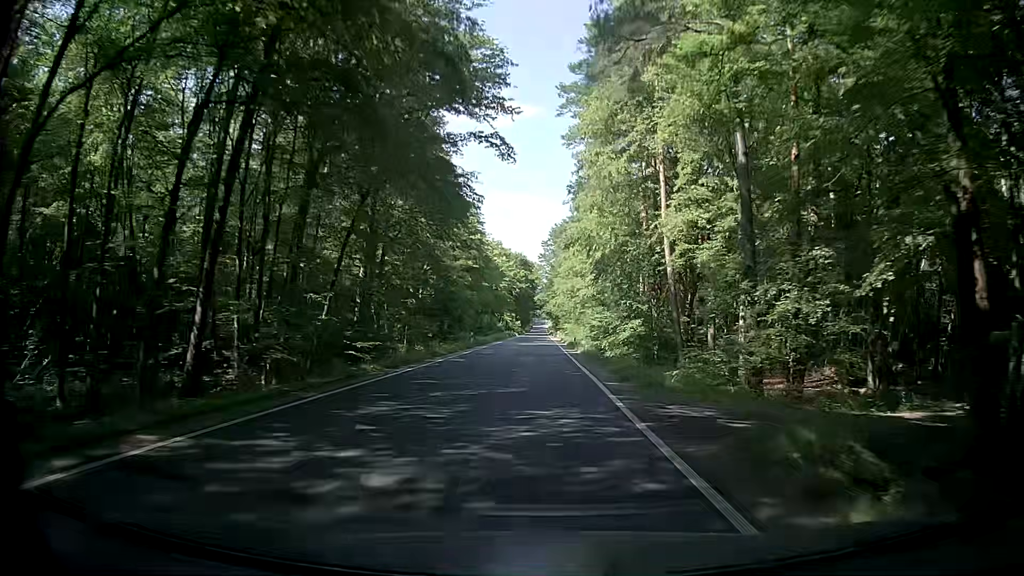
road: secondary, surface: asphalt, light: Day
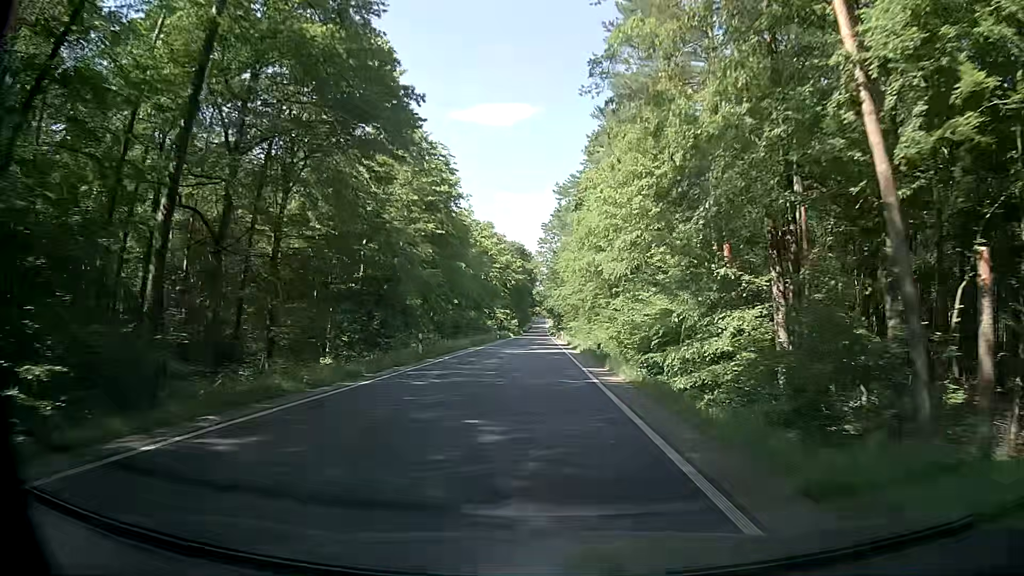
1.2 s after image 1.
(+0.1, +21.9) m; +1°
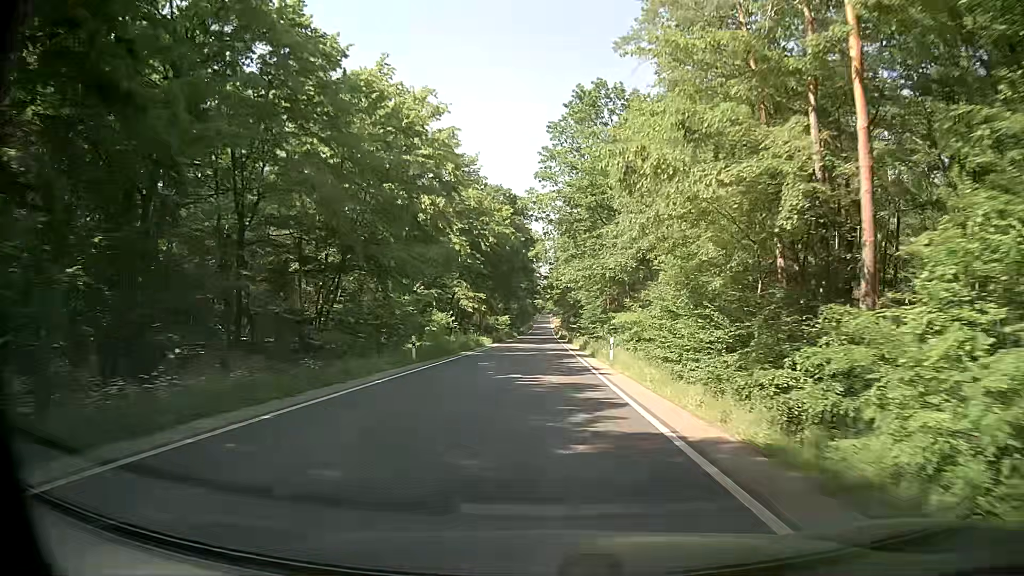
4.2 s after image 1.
(-0.3, +54.6) m; +1°
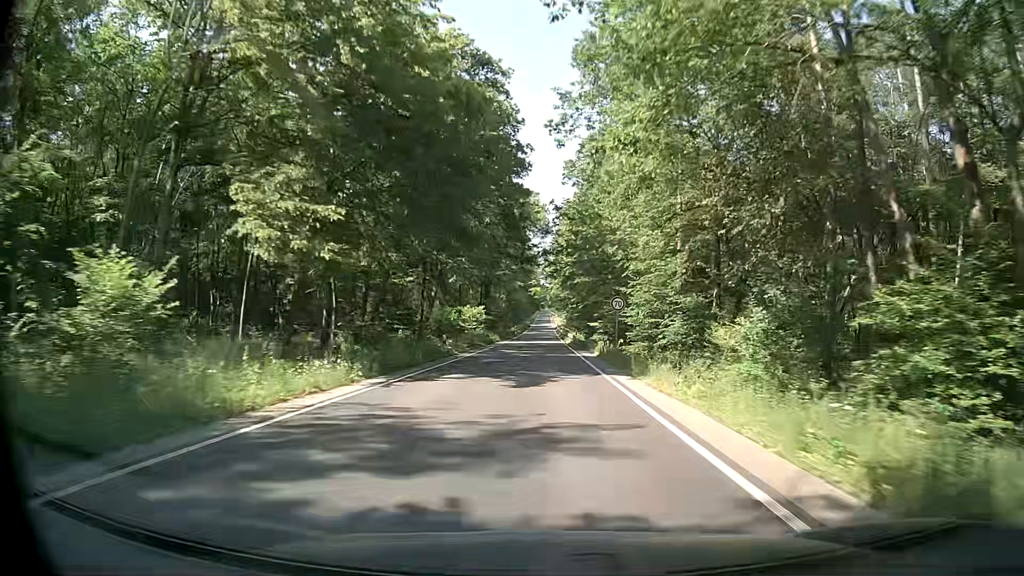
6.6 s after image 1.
(-1.1, +43.6) m; -1°
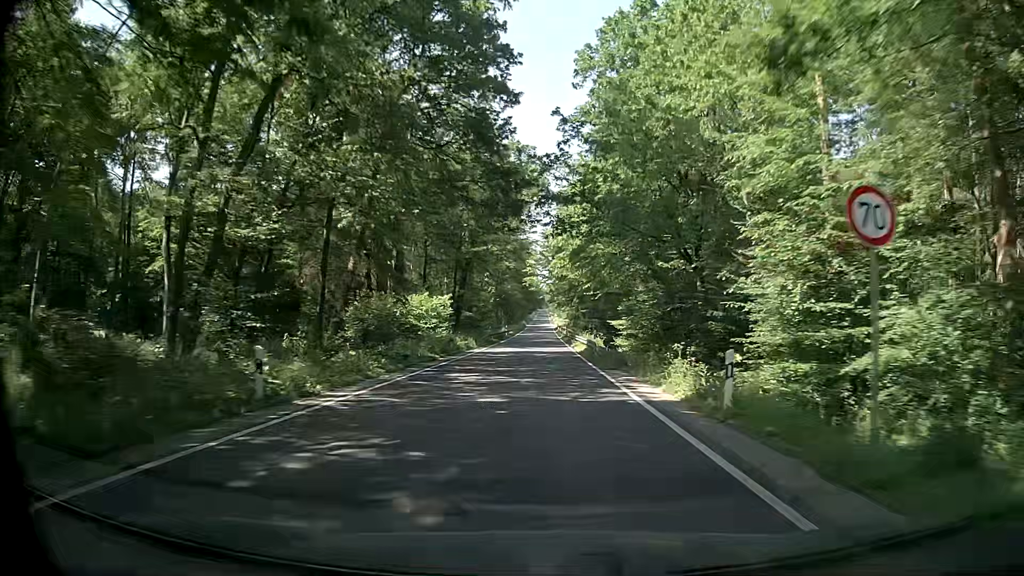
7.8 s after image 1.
(-0.1, +21.8) m; -1°
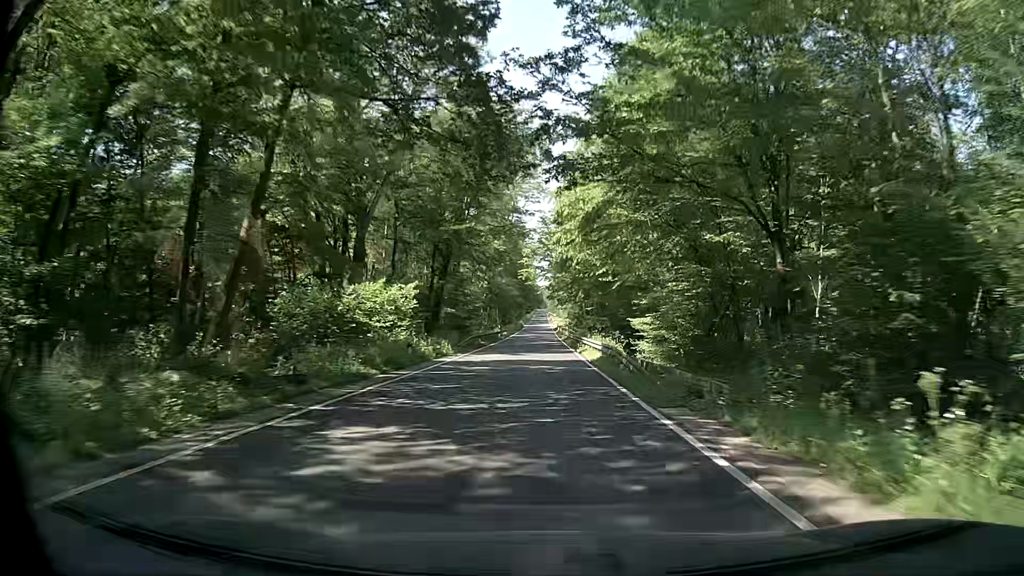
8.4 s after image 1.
(+0.1, +10.9) m; +1°
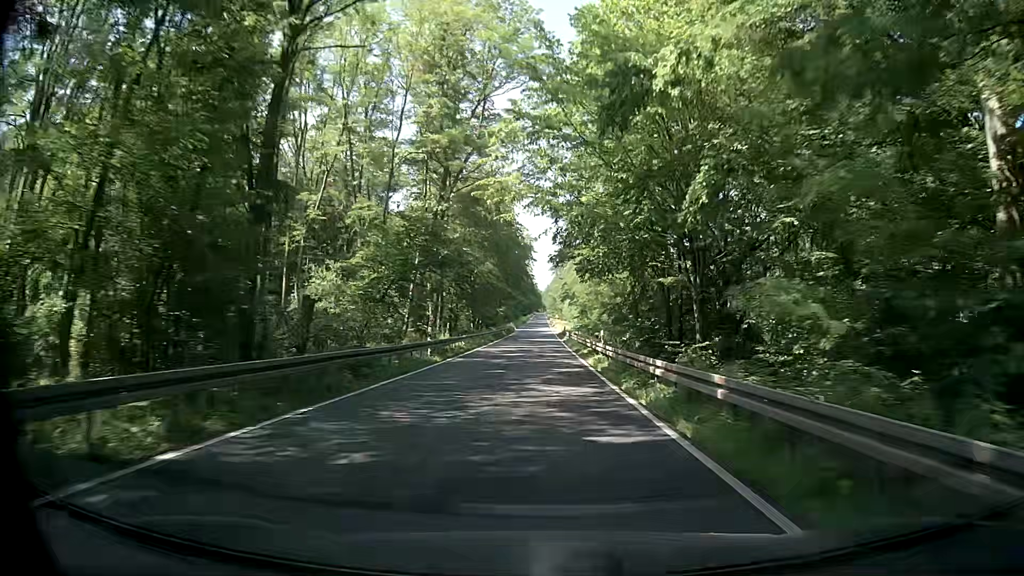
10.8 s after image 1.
(-0.2, +43.6) m; 0°
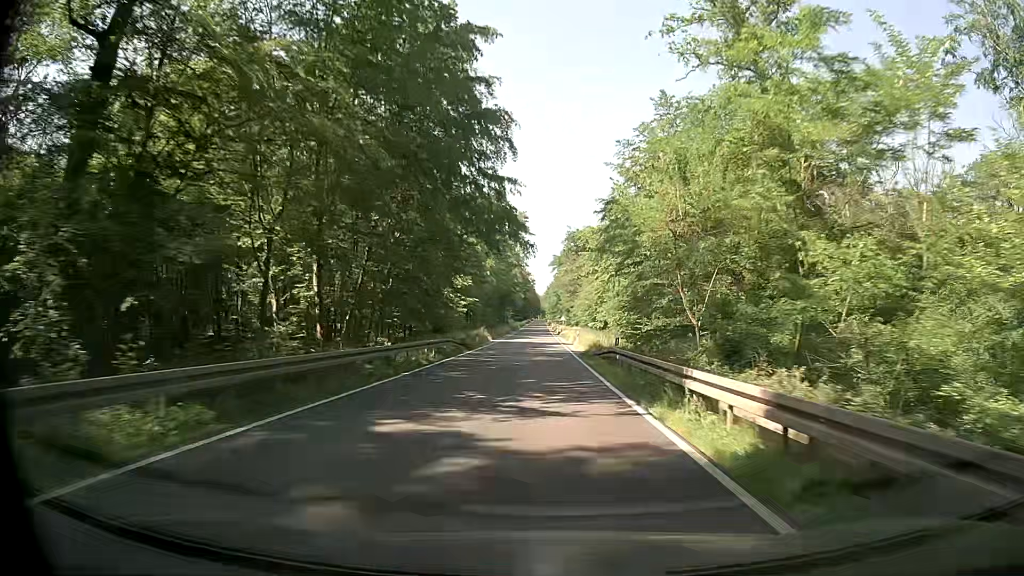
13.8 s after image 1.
(0.0, +54.4) m; 0°
(0, +10) (0, +20) (0, +30) (0, +40) (0, +50) (0, +60) (0, +70) (0, +80) (0, +90) (+1, +100) m

===============

Each entry above should be printed again word for word, with any picture dropped.

road: secondary, surface: asphalt, light: Day
1.2 s after image 1.
(+0.1, +21.9) m; +1°
4.2 s after image 1.
(-0.3, +54.6) m; +1°
6.6 s after image 1.
(-1.1, +43.6) m; -1°
7.8 s after image 1.
(-0.1, +21.8) m; -1°
8.4 s after image 1.
(+0.1, +10.9) m; +1°
10.8 s after image 1.
(-0.2, +43.6) m; 0°
13.8 s after image 1.
(0.0, +54.4) m; 0°
(0, +10) (0, +20) (0, +30) (0, +40) (0, +50) (0, +60) (0, +70) (0, +80) (0, +90) (+1, +100) m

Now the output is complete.